__Exercise goal__
Transcribe exactly, and only, the lines from the one containing "Antwoord: 2003-01-13" through the end of the entries below, leaving the pictures out.

═════ The data

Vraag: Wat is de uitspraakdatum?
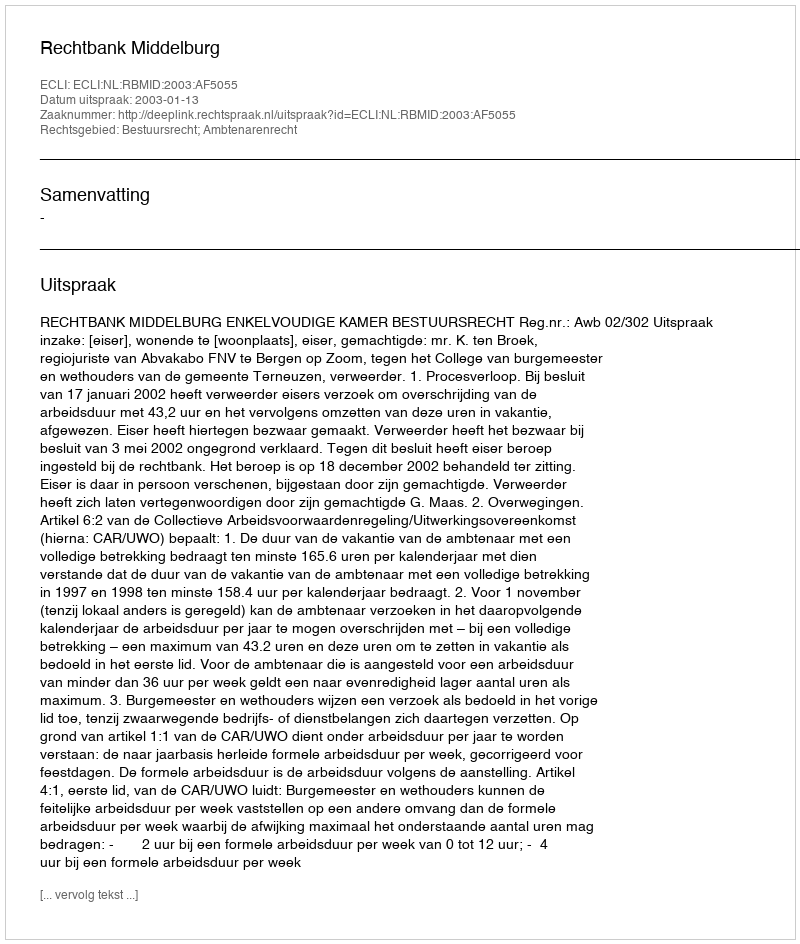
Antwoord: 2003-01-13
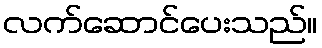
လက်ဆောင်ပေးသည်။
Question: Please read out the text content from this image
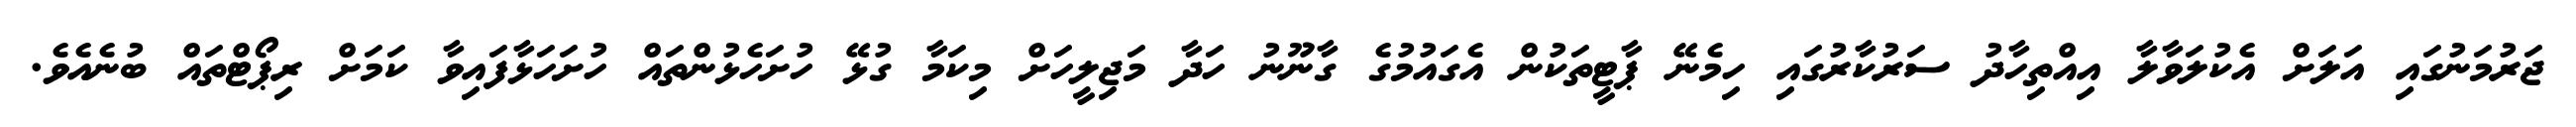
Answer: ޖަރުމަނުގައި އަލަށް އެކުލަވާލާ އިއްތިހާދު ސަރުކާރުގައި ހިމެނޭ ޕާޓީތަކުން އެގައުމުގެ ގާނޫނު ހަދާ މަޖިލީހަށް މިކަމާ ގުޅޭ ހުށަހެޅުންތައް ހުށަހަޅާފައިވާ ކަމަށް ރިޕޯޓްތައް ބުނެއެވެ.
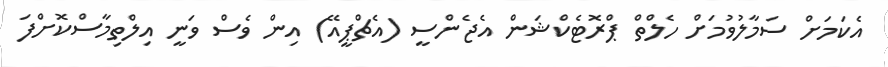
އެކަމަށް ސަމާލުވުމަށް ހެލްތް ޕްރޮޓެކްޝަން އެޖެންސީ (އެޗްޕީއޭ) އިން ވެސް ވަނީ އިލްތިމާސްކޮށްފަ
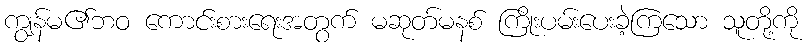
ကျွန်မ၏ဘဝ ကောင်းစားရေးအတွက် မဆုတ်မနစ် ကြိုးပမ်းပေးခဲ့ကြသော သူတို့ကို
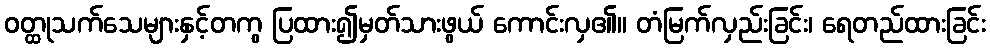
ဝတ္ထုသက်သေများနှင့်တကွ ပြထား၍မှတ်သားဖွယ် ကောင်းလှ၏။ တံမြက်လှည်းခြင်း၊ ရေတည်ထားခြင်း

══════════

__Output for this exercise__
Antwoord: 2003-01-13
လက်ဆောင်ပေးသည်။
Question: Please read out the text content from this image
Answer: ޖަރުމަނުގައި އަލަށް އެކުލަވާލާ އިއްތިހާދު ސަރުކާރުގައި ހިމެނޭ ޕާޓީތަކުން އެގައުމުގެ ގާނޫނު ހަދާ މަޖިލީހަށް މިކަމާ ގުޅޭ ހުށަހެޅުންތައް ހުށަހަޅާފައިވާ ކަމަށް ރިޕޯޓްތައް ބުނެއެވެ.
އެކަމަށް ސަމާލުވުމަށް ހެލްތް ޕްރޮޓެކްޝަން އެޖެންސީ (އެޗްޕީއޭ) އިން ވެސް ވަނީ އިލްތިމާސްކޮށްފަ
ကျွန်မ၏ဘဝ ကောင်းစားရေးအတွက် မဆုတ်မနစ် ကြိုးပမ်းပေးခဲ့ကြသော သူတို့ကို
ဝတ္ထုသက်သေများနှင့်တကွ ပြထား၍မှတ်သားဖွယ် ကောင်းလှ၏။ တံမြက်လှည်းခြင်း၊ ရေတည်ထားခြင်း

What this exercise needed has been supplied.